Initially, fitball was intended for training with people suffering from cerebral palsy. But the results were so impressive that it began to be used when working with patients with spinal injuries. Gradually, exercises on a fitball became more and more popular, thanks to the benefits that exercises with it brought.

The benefits of classes are as follows:

  1. During exercise, you have to use more muscles to maintain balance. Due to this, a large number of calories are burned.
  2. By exercising on a fitball, you will strengthen the muscles of your abs, back, lumbar region and buttocks. The advantage is that the muscles that are “resting” during standard training begin to work.
  3. Exercises on a fitball are safe for the corset muscles of the back and lumbar region.
  4. Exercises on a rubber ball correct posture and relieve fatigue in the back muscles.
  5. Coordination improves, muscle elasticity and joint mobility increase.
  6. Due to the low load on the joints and spine, the risk of injury during such activities is minimal.
  7. Fitball is recommended for use during rehabilitation exercises for people with injuries of the spine and musculoskeletal system.
  8. People with varicose veins , ankle injuries and other leg-related injuries are also allowed to exercise on a fitball.
  9. Fitball is also suitable for pregnant women who want to maintain body elasticity.
  10. Exercises on a rubber ball have a beneficial effect on the nervous system.
  11. During training, you simultaneously need to coordinate the work of the motor and vestibular systems.

Exercises on a fitball are recommended not only for women who are losing weight, but also for those who want to maintain the normal functioning of the musculoskeletal system, relax the back muscles and add variety to their exercises.

Preparation for training

Initially, this ball was developed for special recreational gymnastics. But over time, many women adopted this equipment and began to use it in fitness. Exercises on the ball allow you to tighten not only the muscles of the buttocks, but also strengthens all other muscles of the body.

Before you start doing exercises for your hips and buttocks, you need to prepare your body. You can find it on the Internet and watch relevant videos so that you can clearly understand how to perform certain exercises.

Despite the fact that ball training is quite effective, some still dispute it and do not consider it to be effective enough compared to other sports.

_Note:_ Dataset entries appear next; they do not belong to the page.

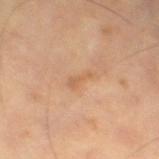Captured during whole-body skin photography for melanoma surveillance; the lesion was not biopsied.
A male subject in their mid- to late 60s.
Located on the left thigh.
A 15 mm close-up tile from a total-body photography series done for melanoma screening.
Automated image analysis of the tile measured an outline eccentricity of about 0.95 (0 = round, 1 = elongated) and a shape-asymmetry score of about 0.5 (0 = symmetric). It also reported an average lesion color of about L≈58 a*≈20 b*≈35 (CIELAB). The analysis additionally found a border-irregularity rating of about 5.5/10, internal color variation of about 0 on a 0–10 scale, and radial color variation of about 0. It also reported a nevus-likeness score of about 0/100.
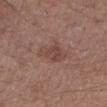Recorded during total-body skin imaging; not selected for excision or biopsy.
Longest diameter approximately 3.5 mm.
On the arm.
Captured under white-light illumination.
Automated tile analysis of the lesion measured an area of roughly 7.5 mm², an outline eccentricity of about 0.65 (0 = round, 1 = elongated), and a shape-asymmetry score of about 0.35 (0 = symmetric). The software also gave a within-lesion color-variation index near 2.5/10 and peripheral color asymmetry of about 1. The software also gave a classifier nevus-likeness of about 5/100 and a lesion-detection confidence of about 100/100.
A 15 mm close-up tile from a total-body photography series done for melanoma screening.
The subject is a female aged approximately 55.

The popularity of exercises for the buttocks with a fitball is due to the fact that they show a higher level of efficiency than the same exercises, but on a flat surface.

Features of training:

  • Before purchasing a ball, you need to check whether it matches your height and weight. You can do this in the following way: sit on the ball. If the thighs are parallel to the floor, and the angle between the shin and the back of the thigh is 90 degrees, then the projectile is ideal. A ball that is too large will be inconvenient for training, and there is also a risk of injury.
  • You need to give preference to bright balls. They will make your workout more active.
  • When purchasing a projectile, it is important to pay special attention to such an important detail as the presence of an anti-explosion system. The system is designated on the ball itself by the abbreviation ABS or BRQ. This is an indication that the ball will be able to withstand even people with a lot of weight and will not burst even if there is a puncture in it.

Features of training

Fitball aerobics is a gentle type of activity in which the risk of injury is minimal. Its distinctive feature is that there is practically no load on the legs. Thanks to this, people of any age and with injured lower limbs can exercise on a fitball.

Thanks to instability, not only does overall coordination improve, but more muscles are used than during simple training. The simplicity of such activities allows you to do them yourself at home. The main thing is to choose the ball correctly.